Stackless Coroutines in C++ for Games: I Rewrote Our AI System Using Them and Here's What I Learned
Deterministic Flow Control in C++20: Replacing Callback Chains with Stackless Coroutines
Current Situation Analysis
Modern game architectures and simulation engines frequently encounter a structural bottleneck: sequential logic that must pause, wait for external conditions, and resume without blocking the main thread. Traditional implementations force developers into one of two patterns, both carrying significant technical debt.

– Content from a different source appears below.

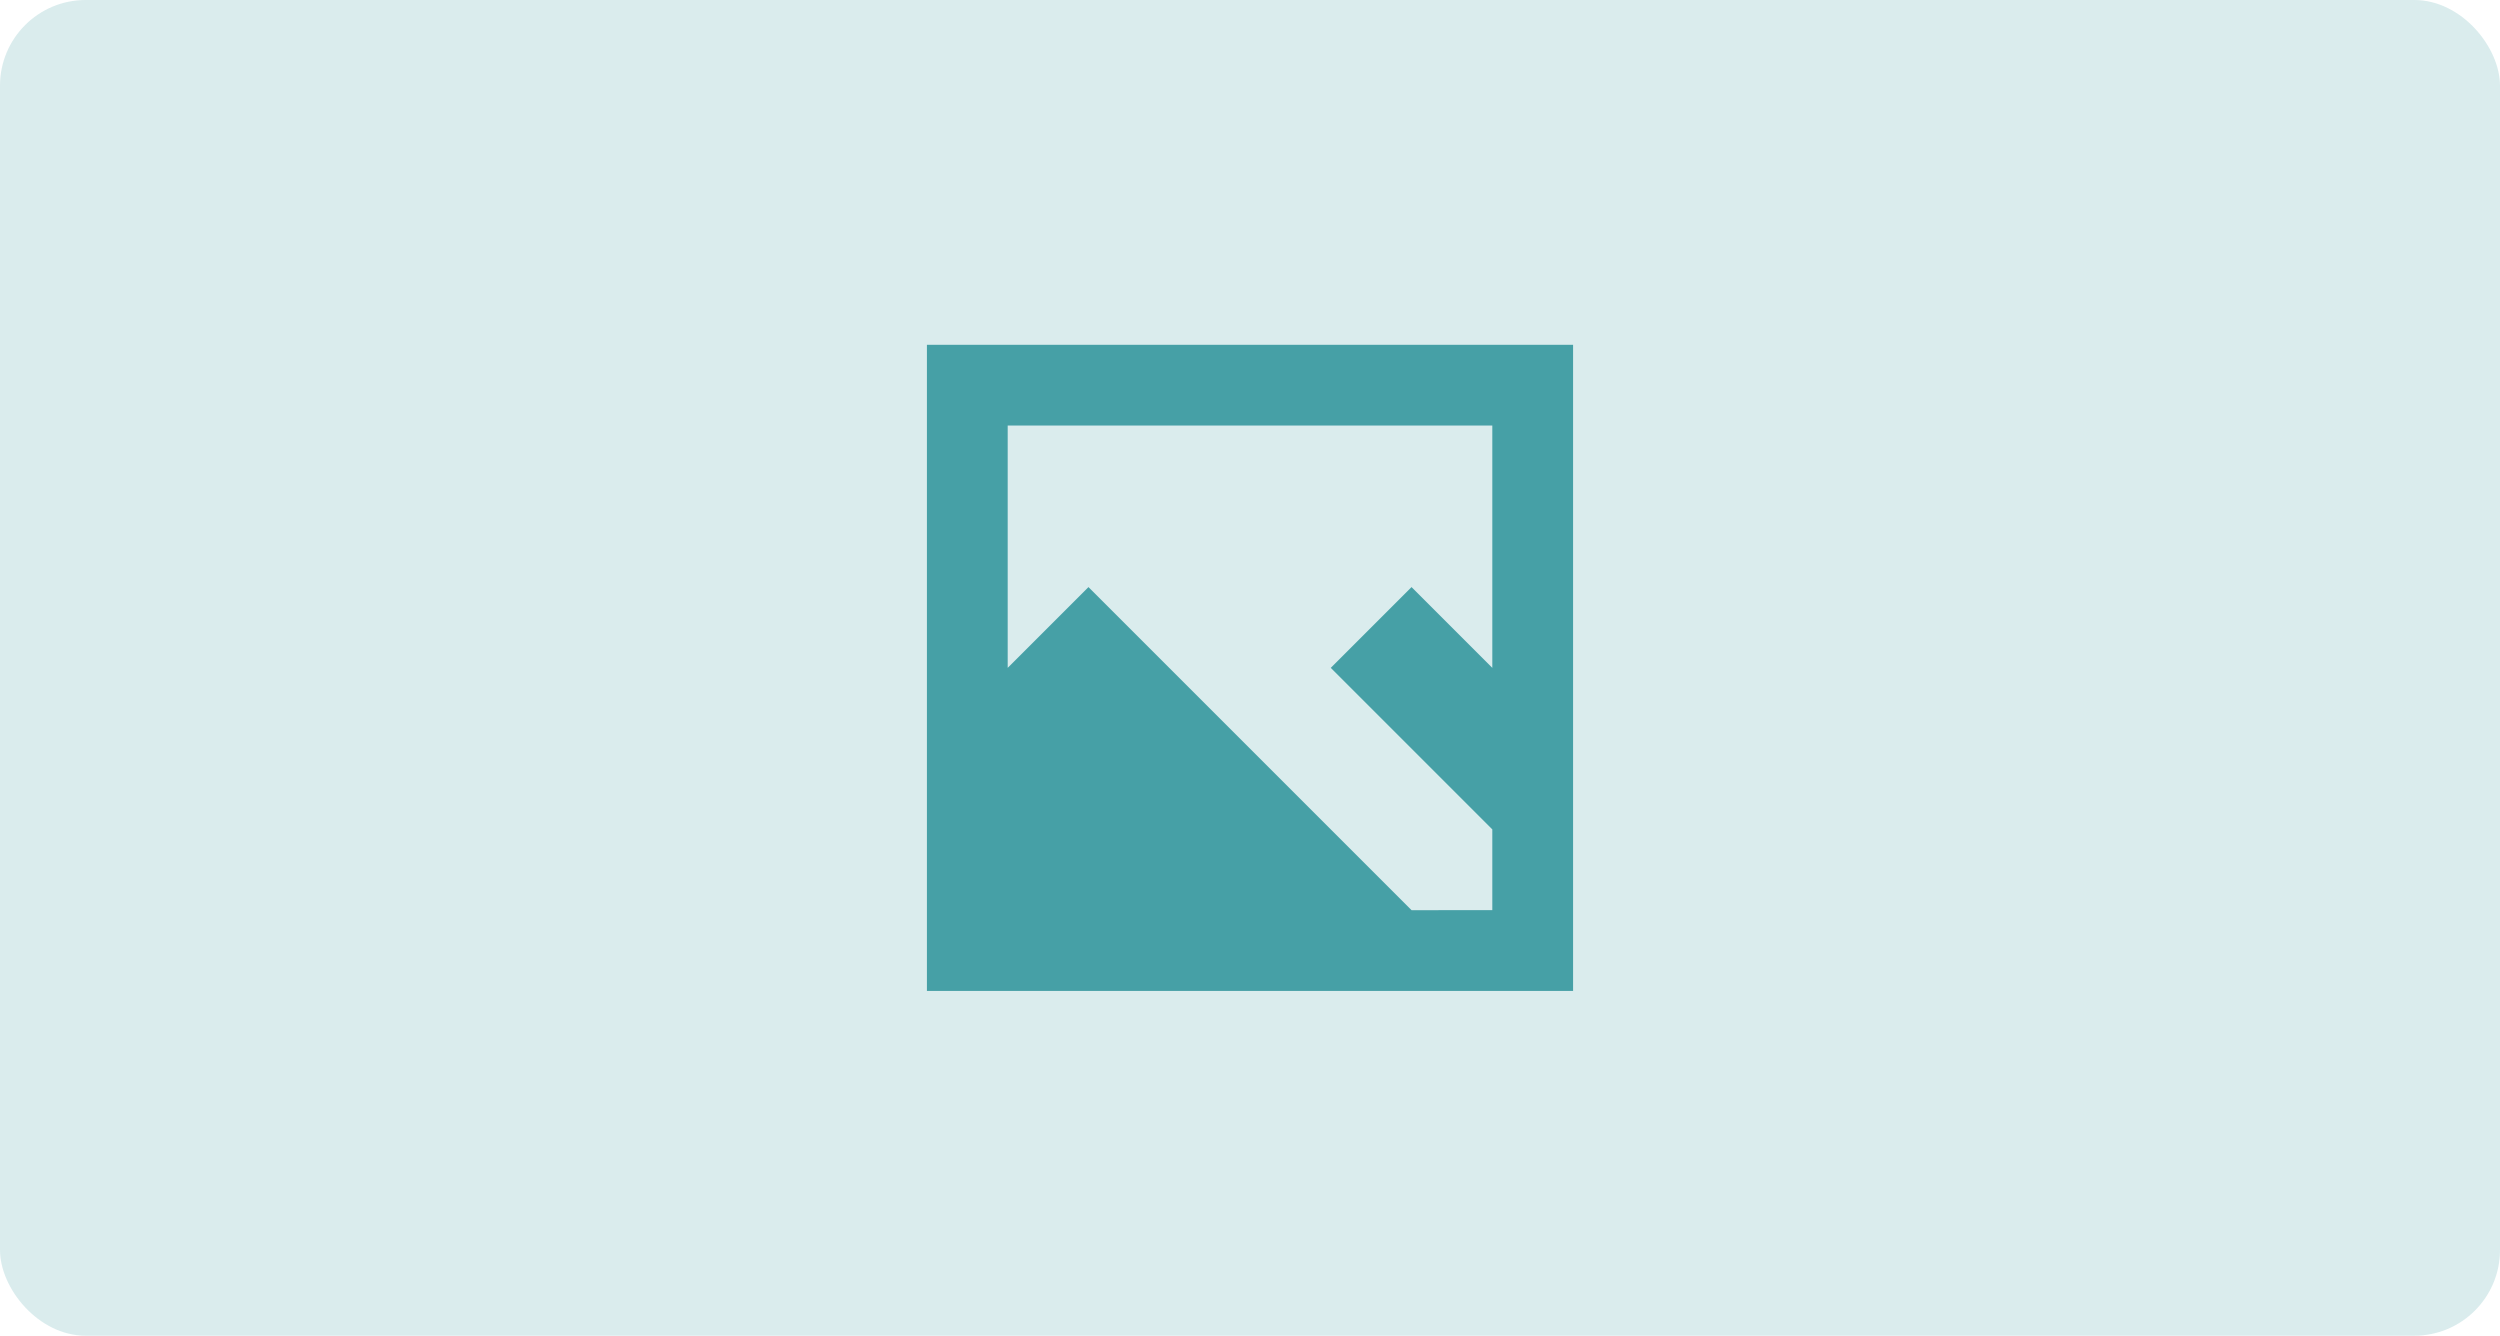 <svg xmlns="http://www.w3.org/2000/svg" width="700" height="374" viewBox="0 0 700 374"><defs><style>.a,.b{fill:#46a0a6;}.a{opacity:0.2;}</style></defs><g transform="translate(-960 -352)"><rect class="a" width="700" height="374" rx="24" transform="translate(960 352)"/><path class="b" d="M0,0V180.925H180.925V0ZM22.616,22.616H158.309V90.462L135.693,67.847,113.078,90.462l45.231,45.231v22.616H135.693L45.231,67.847,22.616,90.462Z" transform="translate(1219.538 448.538)"/></g></svg>

The first pattern relies on explicit state machines. Every behavior is decomposed into discrete states, transitions are managed via enums, and progress is driven by a central update loop polling conditions. While memory-efficient, this approach fractures execution flow. A single AI sequence like patrol β detect_threat β engage β retreat scatters its logic across state definitions, transition tables, and callback registrations. Debugging requires reconstructing execution paths mentally or through extensive logging, which dramatically increases mean time to resolution (MTTR) for complex behavioral bugs.
The second pattern uses callback chains or event-driven architectures. Each step registers a continuation function that fires when a condition is met. This improves readability slightly but introduces severe maintainability issues. Context must be manually threaded through lambda captures or external structs. Error handling becomes fragmented, and stack traces lose their linear relationship to source code. In production environments with hundreds of concurrent entities, callback networks become impossible to trace deterministically.
Many teams attempt to solve this with stackful coroutines (fibers). Fibers provide native call stacks, preserving local variables and call frames across suspension points. However, they require substantial memory reservations. A safe minimum of 64KB per fiber is standard to prevent stack overflows during deep utility calls. When scaling to hundreds of concurrent entities, memory consumption quickly exceeds budgets on constrained platforms. The resulting need for fiber pooling and recycling reintroduces the complexity developers were trying to eliminate.
C++20 stackless coroutines resolve this architectural tension. The compiler mechanically transforms coroutine functions into heap-allocated state machines. Only variables that survive suspension are stored in a coroutine frame, typically consuming 200β500 bytes per task. Execution remains linear in source code, suspension points are explicit, and memory overhead scales predictably. The trade-off is a steeper initial learning curve around promise types, awaitable interfaces, and compiler-specific behavior. Understanding these mechanics is essential before deploying coroutines in performance-critical systems.
WOW Moment: Key Findings
The architectural shift from callback/state-machine patterns to stackless coroutines yields measurable improvements in memory efficiency, debugging velocity, and platform scalability. The following comparison isolates the critical metrics observed when migrating concurrent behavioral systems.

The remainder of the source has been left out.